Kardiyolog Prof. Dr. Ergün Seyfeli, Türkiye'de her üç kişiden birinin tansiyon hastası olduğunu ve bu hastaların yarısının durumlarından habersiz olduklarını açıkladı. Prof. Dr. Seyfeli, tansiyon kontrolünün önemi ve doğru ölçüm yöntemleri hakkında önemli bilgiler paylaştı.
Prof. Dr. Seyfeli, tansiyonun kanın damar duvarına yaptığı basınç olarak tanımlandığını ve 120/80 değerlerinin normal kabul edildiğini belirterek, "Bu basınç 140/90 milimetrenin üzerine çıktığında hipertansiyon tanısı koyuyoruz. Hipertansiyon, en sık karşılaşılan kardiyovasküler risk faktörüdür. 18 yaş üstü her üç kişiden birinin tansiyon hastası olduğu kabul edilmektedir. Ancak, tansiyon hastalarının yarısı durumlarının farkında değil. Teşhisi kolay olmasına rağmen, bu hastalık sıkça gözden kaçmaktadır" dedi.
Doğru tansiyon ölçümü için dikkat edilmesi gerekenler
Tansiyon ölçümünün doğru yapılmasının önemine değinen Prof. Dr. Seyfeli, "Tansiyon ölçümü basit ve ucuz bir yöntemdir.

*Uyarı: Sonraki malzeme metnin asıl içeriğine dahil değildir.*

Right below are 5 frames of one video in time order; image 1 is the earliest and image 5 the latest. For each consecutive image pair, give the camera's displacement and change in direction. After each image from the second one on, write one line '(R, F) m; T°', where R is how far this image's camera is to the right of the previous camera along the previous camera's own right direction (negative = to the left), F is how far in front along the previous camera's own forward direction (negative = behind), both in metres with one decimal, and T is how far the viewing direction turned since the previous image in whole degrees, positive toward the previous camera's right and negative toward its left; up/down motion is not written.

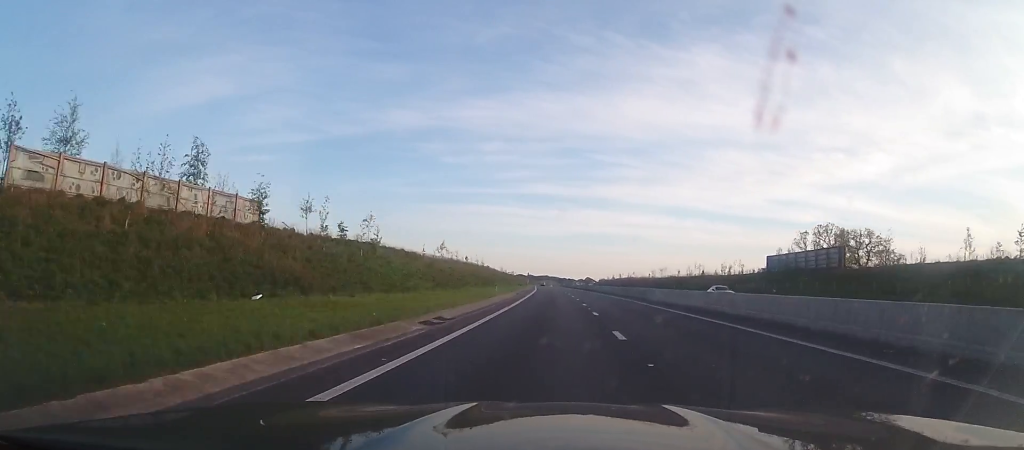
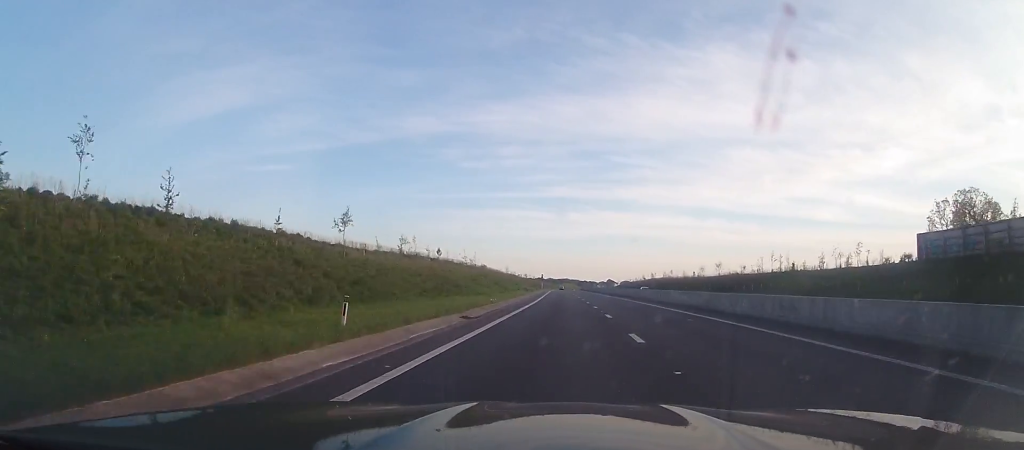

Ancak, doğru sonuçlar almak için ölçümden 30 dakika önce kahve, çay, kafeinli gıdalar ve yemek tüketilmemelidir. Ölçüm sırasında kişinin en az 5 dakika dinlenmiş olması, sırtını bir yere dayaması ve kolunu kalp hizasında tutması gerekmektedir. Ayrıca, sıkı elbiselerin çıkarılması ve ölçüm sırasında konuşulmaması önemlidir" şeklinde konuştu.
Tansiyonun belirgin bir şikayeti yok
Yüksek tansiyonun belirgin bir şikayetinin olmadığını vurgulayan Prof. Dr. Seyfeli, "Hipertansiyonu olan hastalarda genellikle baş ağrısı, baş dönmesi, çarpıntı, nefes darlığı, çabuk yorulma ve halsizlik gibi belirtiler görülür. Hipertansiyonu olan hastaların yüzde 30’unda baş ağrısı görülürken, bu ağrı enseden başlayarak öne doğru yayılır. Ancak, hastaların yüzde 70'inde baş ağrısı olmayabilir. Bu nedenle, düzenli tansiyon ölçümü yapılması önemlidir" dedi.

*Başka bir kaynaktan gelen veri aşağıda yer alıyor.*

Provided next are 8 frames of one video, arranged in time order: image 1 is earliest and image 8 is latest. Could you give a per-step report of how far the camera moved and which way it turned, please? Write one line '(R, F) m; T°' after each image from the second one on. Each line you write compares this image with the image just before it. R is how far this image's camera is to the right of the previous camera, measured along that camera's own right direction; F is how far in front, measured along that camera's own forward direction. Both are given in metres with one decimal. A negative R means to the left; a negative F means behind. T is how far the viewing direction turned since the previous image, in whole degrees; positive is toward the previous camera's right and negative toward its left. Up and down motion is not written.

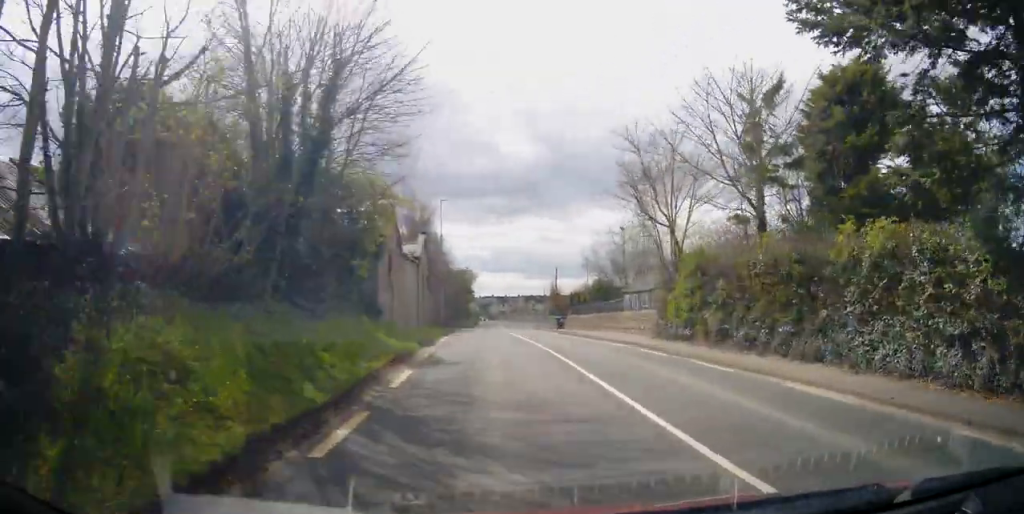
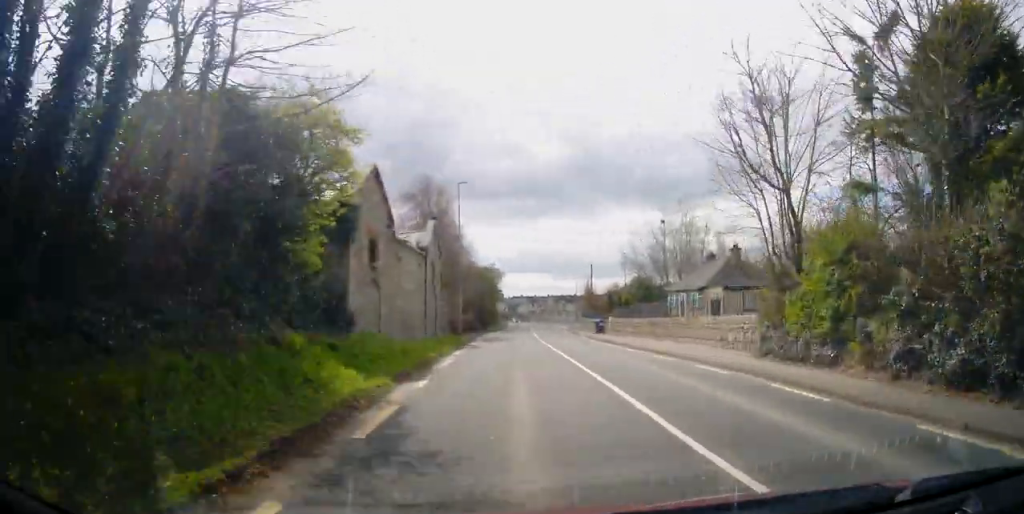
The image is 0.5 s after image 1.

Hipertansiyonun ciddi sonuçları olabilir
Prof. Dr. Seyfeli, yüksek tansiyonun en çok kalp ve damar sistemine zarar verdiğini belirterek, "Kalp krizleri, kalp yetmezliği, aort damarında balonlaşmalar, felç, böbrek yetmezliği ve körlük gibi ciddi komplikasyonlar ortaya çıkabilir" ifadelerini kullandı.
Tuz tüketimi azaltılmalı
Hipertansiyondan korunma yollarına da değinen Prof. Dr. Seyfeli, "Hipertansif hastalar tuza çok hassastır. Ülkemizde tuz tüketimi oldukça yüksektir. Günlük 6 gramlık tuz tüketimi önerilmesine rağmen, bu miktarın neredeyse üç katı kadar tuz tüketiliyor. Sofralarımızda tuz bulundurmamamız gerekiyor. Fast food, salam ve sosis gibi raf ömrü uzun gıdalardan uzak durmalıyız" dedi.
Kilo vermek önemli bir adım
Tansiyon tedavisinin zor olmadığını belirten Prof. Dr. Seyfeli, "İlaçtan önce yaşam tarzı ve beslenmeye dikkat edilmelidir. Kilolu bir hasta, kilosunun yüzde 10’unu verdiğinde veya sofrada tuzu kısıtladığında tansiyonunu bir ilaç almış kadar düşürebilir. Egzersiz de tansiyonun düşmesine yardımcı olur. Ayrıca, günümüzde kullanılan güçlü ilaçlar da kan basıncını dengeleyebilir. Beslenme ve diyete dikkat ederek tansiyonla mücadelede daha başarılı olabiliriz" dedi.